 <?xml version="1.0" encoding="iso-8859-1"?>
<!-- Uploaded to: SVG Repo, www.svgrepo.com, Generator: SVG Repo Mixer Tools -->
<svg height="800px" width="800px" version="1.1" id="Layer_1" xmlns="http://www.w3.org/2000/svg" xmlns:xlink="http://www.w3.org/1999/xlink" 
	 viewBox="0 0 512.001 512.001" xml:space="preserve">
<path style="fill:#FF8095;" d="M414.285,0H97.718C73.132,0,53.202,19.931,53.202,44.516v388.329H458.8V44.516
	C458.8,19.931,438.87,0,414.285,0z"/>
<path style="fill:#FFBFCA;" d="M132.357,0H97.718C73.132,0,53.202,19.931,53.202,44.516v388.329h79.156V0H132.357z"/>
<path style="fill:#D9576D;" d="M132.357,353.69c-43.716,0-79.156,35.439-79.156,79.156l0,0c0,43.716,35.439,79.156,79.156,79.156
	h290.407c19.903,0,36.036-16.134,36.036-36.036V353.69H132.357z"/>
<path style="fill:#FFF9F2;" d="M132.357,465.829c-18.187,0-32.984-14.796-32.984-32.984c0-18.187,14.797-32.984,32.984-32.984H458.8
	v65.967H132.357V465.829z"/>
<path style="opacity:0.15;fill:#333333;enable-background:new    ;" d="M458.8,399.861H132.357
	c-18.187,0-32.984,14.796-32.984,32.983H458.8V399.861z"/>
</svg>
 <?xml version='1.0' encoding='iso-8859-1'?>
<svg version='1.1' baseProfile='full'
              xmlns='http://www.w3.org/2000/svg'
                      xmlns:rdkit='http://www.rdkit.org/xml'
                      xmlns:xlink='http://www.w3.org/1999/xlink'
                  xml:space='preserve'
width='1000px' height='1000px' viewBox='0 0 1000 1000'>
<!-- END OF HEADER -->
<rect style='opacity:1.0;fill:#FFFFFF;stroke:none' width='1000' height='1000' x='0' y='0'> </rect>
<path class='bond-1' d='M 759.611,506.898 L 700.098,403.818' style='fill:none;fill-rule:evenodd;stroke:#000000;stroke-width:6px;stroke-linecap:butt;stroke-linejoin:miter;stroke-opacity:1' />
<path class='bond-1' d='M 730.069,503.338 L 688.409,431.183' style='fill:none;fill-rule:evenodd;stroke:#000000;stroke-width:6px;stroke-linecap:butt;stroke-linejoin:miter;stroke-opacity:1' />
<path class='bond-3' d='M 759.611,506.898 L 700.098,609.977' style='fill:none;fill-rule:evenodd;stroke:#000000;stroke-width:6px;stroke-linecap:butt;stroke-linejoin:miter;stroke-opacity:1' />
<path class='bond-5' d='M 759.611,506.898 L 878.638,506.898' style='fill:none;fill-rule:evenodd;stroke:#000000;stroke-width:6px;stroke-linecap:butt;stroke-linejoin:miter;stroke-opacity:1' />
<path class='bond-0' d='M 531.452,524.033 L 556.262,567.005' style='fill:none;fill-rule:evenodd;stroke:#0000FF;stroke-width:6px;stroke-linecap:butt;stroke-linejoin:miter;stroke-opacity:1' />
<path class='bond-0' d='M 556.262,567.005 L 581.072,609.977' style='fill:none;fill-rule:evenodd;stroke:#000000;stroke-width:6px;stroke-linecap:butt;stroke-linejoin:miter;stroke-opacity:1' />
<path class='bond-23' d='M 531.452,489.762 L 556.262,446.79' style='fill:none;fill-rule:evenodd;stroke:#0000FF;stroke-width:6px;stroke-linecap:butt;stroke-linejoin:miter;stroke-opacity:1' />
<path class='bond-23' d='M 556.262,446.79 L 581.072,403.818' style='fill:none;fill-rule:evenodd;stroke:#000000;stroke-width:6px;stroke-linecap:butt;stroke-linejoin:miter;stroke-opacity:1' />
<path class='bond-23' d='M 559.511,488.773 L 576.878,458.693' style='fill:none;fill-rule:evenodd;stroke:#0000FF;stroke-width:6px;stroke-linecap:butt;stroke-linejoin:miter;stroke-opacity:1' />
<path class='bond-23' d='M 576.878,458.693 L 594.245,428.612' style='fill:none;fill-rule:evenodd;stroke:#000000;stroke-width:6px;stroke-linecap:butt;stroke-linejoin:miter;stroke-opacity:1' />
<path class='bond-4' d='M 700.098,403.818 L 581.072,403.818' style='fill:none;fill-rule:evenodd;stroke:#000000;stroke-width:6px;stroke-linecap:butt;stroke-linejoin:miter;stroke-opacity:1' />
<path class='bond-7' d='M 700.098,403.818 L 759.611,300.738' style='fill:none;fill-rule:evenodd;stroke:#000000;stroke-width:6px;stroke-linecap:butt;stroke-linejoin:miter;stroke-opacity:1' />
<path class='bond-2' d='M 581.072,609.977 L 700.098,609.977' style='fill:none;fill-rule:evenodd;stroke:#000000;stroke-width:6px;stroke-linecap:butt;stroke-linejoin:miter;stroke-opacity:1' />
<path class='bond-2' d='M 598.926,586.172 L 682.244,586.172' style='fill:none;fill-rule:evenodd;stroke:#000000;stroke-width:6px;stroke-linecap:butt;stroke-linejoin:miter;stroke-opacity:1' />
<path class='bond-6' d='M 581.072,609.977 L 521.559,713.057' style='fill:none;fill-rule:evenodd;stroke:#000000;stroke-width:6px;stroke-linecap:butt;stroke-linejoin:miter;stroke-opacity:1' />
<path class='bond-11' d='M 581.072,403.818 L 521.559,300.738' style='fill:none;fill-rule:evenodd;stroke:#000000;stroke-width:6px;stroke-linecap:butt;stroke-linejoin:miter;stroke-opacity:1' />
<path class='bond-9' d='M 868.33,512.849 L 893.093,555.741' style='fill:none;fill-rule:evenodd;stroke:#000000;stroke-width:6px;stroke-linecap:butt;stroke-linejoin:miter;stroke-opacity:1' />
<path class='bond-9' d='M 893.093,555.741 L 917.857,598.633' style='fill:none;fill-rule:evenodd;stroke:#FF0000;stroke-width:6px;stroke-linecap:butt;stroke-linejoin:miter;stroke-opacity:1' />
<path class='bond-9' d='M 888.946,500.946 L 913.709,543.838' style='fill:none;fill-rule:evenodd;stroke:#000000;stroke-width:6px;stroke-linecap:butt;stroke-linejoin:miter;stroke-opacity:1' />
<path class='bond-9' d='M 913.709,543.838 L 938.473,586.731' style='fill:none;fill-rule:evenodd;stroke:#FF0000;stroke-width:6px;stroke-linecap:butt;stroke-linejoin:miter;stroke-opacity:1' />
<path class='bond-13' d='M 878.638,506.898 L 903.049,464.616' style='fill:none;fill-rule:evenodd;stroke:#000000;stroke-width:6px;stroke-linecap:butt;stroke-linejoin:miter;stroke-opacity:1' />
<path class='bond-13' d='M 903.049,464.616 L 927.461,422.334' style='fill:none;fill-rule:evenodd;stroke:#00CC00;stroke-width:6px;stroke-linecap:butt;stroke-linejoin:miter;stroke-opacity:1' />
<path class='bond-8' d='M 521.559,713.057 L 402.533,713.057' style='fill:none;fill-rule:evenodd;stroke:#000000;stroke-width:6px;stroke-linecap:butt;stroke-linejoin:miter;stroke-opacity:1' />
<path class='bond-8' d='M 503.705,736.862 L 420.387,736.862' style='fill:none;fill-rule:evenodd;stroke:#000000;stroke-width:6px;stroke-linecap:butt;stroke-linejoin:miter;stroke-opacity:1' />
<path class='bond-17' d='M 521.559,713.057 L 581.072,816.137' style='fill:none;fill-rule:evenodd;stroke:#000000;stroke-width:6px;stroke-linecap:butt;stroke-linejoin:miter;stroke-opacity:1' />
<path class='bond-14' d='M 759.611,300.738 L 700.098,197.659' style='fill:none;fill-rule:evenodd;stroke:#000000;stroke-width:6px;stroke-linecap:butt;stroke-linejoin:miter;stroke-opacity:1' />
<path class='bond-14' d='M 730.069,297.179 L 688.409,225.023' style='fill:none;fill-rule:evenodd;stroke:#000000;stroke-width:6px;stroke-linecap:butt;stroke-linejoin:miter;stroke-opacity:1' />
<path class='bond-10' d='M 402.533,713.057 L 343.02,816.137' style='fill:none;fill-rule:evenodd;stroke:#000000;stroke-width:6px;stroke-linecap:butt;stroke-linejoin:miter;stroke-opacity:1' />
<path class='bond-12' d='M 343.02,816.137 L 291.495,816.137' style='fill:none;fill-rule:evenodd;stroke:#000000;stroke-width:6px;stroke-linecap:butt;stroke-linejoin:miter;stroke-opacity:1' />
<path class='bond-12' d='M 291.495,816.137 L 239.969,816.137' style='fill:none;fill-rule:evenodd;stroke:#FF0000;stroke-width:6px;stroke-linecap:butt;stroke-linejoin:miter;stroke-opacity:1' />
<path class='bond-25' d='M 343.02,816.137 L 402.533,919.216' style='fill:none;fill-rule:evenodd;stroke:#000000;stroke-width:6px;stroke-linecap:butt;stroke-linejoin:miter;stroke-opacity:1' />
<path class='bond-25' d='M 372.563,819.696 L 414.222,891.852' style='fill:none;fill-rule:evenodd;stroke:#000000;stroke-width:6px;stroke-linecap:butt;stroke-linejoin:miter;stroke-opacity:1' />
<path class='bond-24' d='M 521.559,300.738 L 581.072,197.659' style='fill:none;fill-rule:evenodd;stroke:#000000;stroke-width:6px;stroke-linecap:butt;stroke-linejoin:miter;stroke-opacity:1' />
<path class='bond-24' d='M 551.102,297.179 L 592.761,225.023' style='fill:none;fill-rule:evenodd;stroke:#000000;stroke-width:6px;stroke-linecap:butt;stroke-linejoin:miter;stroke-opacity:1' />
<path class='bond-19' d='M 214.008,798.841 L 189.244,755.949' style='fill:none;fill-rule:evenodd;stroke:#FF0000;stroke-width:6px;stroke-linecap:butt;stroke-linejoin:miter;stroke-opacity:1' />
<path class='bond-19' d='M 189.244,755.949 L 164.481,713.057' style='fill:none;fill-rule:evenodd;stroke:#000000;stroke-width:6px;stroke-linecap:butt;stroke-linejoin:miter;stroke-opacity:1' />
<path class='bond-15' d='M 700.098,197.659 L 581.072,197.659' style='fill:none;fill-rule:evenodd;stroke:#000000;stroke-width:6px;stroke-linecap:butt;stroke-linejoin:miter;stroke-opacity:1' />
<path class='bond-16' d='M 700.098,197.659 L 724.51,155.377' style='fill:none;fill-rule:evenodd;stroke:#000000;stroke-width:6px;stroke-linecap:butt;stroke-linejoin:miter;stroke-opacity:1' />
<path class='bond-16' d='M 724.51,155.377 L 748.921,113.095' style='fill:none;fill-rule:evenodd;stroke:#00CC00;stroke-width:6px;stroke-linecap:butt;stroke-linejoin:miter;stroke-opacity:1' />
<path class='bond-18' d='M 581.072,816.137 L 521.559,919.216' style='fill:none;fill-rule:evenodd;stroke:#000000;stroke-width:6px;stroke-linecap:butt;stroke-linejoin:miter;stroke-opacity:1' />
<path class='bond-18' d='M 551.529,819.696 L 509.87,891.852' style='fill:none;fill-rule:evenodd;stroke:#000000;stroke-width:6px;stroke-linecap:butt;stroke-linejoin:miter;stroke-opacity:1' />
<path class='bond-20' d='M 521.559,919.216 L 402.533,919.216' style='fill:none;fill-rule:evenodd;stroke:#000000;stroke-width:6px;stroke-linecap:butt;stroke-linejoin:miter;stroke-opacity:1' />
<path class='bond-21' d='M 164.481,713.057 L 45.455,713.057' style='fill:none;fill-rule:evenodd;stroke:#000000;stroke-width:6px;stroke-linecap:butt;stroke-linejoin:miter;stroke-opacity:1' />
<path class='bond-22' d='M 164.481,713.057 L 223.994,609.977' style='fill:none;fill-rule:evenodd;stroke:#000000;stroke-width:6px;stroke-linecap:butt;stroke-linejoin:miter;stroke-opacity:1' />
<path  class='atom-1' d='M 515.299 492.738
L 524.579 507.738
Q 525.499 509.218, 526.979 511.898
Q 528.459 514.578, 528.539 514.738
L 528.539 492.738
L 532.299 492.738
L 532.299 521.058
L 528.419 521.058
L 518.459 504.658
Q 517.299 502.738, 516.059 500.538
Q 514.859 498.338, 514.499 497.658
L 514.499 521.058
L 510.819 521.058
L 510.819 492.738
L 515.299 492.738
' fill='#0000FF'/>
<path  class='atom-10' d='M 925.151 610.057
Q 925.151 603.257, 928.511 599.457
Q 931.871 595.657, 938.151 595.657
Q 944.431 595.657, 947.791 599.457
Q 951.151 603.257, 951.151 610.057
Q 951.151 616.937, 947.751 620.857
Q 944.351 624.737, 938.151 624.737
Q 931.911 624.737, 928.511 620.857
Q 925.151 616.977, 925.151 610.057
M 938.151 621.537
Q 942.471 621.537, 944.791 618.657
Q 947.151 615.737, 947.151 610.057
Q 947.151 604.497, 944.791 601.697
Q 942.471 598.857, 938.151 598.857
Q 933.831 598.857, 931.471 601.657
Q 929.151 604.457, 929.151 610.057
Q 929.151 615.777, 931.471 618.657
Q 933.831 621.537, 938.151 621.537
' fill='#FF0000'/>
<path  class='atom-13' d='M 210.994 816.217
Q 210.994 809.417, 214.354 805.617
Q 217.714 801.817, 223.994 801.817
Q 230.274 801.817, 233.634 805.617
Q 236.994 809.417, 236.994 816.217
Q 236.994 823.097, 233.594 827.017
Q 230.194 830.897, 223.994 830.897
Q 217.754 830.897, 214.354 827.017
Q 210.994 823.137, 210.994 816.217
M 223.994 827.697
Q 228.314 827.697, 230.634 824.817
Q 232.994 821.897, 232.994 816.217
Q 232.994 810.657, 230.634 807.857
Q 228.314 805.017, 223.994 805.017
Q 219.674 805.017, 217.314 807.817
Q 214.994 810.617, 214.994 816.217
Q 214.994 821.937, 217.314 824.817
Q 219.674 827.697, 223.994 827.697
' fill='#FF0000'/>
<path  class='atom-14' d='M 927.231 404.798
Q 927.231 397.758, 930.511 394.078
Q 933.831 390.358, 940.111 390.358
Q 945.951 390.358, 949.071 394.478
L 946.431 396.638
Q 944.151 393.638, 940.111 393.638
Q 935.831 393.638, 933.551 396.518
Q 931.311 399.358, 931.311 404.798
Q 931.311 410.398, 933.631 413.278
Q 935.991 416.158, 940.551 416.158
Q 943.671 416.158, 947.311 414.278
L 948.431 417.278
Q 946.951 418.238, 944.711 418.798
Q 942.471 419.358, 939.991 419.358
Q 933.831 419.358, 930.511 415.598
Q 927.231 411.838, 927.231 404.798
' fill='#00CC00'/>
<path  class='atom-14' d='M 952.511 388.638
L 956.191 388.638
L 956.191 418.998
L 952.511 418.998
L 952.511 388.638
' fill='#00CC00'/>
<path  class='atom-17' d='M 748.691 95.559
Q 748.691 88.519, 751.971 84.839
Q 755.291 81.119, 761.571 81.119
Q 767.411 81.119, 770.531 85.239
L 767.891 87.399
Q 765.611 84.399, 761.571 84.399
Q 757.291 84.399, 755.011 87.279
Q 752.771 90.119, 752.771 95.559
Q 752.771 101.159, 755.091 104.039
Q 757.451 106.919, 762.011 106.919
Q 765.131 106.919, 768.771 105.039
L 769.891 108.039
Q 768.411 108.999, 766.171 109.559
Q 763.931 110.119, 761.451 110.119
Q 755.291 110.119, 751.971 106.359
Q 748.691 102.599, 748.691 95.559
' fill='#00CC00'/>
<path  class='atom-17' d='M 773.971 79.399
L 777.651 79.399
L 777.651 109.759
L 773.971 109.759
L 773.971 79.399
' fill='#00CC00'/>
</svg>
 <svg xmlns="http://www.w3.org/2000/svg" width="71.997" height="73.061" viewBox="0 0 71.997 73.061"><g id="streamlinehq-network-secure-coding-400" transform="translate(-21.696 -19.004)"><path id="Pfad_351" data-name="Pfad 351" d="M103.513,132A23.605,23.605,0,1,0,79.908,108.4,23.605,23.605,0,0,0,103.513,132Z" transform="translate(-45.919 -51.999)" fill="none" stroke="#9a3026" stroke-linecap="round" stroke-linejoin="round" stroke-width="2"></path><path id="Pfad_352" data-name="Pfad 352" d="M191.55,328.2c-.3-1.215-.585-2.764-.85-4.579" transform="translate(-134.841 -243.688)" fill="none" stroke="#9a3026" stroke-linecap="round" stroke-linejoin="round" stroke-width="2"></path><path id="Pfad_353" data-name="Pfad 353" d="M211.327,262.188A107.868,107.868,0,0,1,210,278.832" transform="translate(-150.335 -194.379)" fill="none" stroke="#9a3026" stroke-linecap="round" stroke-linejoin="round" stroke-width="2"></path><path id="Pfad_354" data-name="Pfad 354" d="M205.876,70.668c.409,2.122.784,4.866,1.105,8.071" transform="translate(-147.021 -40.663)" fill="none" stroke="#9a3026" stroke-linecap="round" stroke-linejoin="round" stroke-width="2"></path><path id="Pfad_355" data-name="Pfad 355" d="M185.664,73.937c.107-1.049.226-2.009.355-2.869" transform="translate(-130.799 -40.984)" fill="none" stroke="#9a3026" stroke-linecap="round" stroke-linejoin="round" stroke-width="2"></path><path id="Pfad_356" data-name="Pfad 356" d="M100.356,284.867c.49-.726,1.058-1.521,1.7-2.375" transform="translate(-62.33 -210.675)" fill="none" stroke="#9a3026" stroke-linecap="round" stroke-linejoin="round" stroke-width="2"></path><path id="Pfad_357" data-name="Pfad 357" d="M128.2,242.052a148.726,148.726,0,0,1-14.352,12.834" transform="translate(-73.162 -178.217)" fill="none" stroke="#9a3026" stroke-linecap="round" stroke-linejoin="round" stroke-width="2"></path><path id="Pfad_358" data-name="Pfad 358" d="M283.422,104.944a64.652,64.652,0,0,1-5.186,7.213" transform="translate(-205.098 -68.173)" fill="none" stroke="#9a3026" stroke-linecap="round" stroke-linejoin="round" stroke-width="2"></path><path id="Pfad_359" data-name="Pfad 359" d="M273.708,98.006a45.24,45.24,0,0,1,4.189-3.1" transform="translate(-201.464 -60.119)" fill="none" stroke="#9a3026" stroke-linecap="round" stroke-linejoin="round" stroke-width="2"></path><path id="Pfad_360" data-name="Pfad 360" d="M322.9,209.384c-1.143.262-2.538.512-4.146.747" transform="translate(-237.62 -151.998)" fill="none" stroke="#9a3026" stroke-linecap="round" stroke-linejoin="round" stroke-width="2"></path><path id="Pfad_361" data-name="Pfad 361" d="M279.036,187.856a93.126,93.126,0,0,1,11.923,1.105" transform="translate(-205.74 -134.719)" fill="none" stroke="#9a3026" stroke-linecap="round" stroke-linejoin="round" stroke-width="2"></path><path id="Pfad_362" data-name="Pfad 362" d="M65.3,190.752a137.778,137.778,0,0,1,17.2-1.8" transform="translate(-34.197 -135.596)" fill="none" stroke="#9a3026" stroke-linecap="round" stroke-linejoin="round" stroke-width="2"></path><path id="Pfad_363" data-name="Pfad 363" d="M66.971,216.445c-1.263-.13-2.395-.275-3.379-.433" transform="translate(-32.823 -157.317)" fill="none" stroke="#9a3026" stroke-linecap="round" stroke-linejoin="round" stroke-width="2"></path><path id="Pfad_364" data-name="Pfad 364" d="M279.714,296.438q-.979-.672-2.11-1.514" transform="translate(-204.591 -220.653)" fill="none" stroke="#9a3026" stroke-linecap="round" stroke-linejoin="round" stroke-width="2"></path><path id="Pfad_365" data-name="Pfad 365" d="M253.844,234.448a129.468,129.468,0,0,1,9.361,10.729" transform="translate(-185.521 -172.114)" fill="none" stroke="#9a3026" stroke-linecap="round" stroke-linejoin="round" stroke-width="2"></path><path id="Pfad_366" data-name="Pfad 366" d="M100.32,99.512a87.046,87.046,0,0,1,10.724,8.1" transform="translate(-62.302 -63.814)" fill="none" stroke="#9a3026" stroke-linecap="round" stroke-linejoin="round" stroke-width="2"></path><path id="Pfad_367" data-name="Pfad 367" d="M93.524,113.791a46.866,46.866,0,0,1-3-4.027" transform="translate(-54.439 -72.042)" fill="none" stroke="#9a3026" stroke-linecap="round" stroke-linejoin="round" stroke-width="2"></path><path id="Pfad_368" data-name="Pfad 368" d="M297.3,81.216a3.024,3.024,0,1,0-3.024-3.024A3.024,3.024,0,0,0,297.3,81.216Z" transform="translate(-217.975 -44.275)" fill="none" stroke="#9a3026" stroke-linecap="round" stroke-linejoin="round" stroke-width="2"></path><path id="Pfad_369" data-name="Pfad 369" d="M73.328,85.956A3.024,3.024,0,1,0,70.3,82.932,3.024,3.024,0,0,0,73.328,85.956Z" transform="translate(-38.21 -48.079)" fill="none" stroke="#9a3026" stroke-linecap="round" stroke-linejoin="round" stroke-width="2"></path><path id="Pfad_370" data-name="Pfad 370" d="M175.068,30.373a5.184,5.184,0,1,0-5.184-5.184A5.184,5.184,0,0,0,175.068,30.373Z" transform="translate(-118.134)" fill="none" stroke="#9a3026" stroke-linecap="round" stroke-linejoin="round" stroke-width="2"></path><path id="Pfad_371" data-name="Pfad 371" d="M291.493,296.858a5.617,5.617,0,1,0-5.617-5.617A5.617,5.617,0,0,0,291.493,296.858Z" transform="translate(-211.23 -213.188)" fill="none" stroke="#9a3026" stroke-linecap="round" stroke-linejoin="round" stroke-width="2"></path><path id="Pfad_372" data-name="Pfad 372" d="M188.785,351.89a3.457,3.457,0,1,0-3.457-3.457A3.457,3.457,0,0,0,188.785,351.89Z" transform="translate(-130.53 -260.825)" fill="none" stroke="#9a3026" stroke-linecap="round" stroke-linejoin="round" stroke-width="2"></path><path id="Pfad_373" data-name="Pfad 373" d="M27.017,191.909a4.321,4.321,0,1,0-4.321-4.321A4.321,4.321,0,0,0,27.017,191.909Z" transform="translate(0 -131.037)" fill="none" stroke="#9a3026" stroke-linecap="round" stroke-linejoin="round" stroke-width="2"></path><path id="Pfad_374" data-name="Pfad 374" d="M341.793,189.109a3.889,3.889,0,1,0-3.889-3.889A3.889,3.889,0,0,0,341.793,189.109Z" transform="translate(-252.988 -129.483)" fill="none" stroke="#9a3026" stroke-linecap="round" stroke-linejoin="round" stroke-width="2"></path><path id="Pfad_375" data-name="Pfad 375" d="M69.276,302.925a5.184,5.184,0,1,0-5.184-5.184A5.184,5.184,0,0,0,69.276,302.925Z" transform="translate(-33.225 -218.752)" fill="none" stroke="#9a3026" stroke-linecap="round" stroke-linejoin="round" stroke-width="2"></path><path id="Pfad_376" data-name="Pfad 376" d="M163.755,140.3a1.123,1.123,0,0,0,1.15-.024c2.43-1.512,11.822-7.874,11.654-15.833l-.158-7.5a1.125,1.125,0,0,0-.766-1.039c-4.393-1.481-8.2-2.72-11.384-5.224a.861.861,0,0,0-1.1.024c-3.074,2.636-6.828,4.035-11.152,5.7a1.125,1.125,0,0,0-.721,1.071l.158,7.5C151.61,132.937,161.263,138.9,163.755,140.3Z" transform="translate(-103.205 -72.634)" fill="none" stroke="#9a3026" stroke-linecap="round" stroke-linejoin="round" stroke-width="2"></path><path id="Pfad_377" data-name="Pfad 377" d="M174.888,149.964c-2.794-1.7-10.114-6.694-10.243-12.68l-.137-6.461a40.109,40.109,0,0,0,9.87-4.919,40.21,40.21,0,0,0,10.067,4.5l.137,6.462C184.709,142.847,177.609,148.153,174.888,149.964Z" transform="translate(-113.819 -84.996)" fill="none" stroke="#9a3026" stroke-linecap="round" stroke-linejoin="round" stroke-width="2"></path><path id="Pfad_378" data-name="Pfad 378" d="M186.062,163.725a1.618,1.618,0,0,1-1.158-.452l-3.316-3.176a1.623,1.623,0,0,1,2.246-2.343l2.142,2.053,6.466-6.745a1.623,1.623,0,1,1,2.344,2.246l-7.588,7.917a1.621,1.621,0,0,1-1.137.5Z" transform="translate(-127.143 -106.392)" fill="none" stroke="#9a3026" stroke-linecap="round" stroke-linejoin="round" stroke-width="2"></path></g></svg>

==============================

#### INSTRUCTIONS TO FOLLOW:
Within the material above, output exactly the lines from the one with "Q 217.714 801.817, 223.994 801.817" through the one with "Q 219.674 827.697, 223.994 827.697", end lines included, and nothing besides.

#### RESULT FOR THIS TASK:
Q 217.714 801.817, 223.994 801.817
Q 230.274 801.817, 233.634 805.617
Q 236.994 809.417, 236.994 816.217
Q 236.994 823.097, 233.594 827.017
Q 230.194 830.897, 223.994 830.897
Q 217.754 830.897, 214.354 827.017
Q 210.994 823.137, 210.994 816.217
M 223.994 827.697
Q 228.314 827.697, 230.634 824.817
Q 232.994 821.897, 232.994 816.217
Q 232.994 810.657, 230.634 807.857
Q 228.314 805.017, 223.994 805.017
Q 219.674 805.017, 217.314 807.817
Q 214.994 810.617, 214.994 816.217
Q 214.994 821.937, 217.314 824.817
Q 219.674 827.697, 223.994 827.697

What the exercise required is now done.